YOUR TASK: Going line by line through the entries below, tally those that hold the string "bold". Give only the total.

Records contained in a dataset:
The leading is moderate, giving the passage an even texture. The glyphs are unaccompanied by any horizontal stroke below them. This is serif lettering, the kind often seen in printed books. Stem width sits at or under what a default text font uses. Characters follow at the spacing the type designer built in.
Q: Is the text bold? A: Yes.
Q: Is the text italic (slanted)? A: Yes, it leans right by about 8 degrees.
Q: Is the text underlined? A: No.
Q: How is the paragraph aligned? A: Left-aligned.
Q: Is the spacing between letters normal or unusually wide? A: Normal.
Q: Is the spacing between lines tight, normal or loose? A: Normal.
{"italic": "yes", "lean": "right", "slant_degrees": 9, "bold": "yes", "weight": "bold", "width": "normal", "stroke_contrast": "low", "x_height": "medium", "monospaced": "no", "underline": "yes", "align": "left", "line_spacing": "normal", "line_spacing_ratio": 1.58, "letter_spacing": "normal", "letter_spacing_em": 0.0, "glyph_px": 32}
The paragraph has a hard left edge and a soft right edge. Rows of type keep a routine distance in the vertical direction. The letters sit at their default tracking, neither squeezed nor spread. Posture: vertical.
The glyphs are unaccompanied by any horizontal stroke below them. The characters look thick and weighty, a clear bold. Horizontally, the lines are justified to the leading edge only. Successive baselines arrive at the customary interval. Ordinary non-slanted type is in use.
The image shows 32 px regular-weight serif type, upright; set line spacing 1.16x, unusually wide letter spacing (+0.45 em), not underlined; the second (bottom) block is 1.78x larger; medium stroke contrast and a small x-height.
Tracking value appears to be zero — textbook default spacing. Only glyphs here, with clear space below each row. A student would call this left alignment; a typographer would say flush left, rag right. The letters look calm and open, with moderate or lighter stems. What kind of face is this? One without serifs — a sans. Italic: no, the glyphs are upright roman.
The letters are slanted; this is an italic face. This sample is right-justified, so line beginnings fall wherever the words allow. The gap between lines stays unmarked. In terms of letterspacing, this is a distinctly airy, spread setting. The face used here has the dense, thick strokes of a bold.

FINAL ANSWER: 4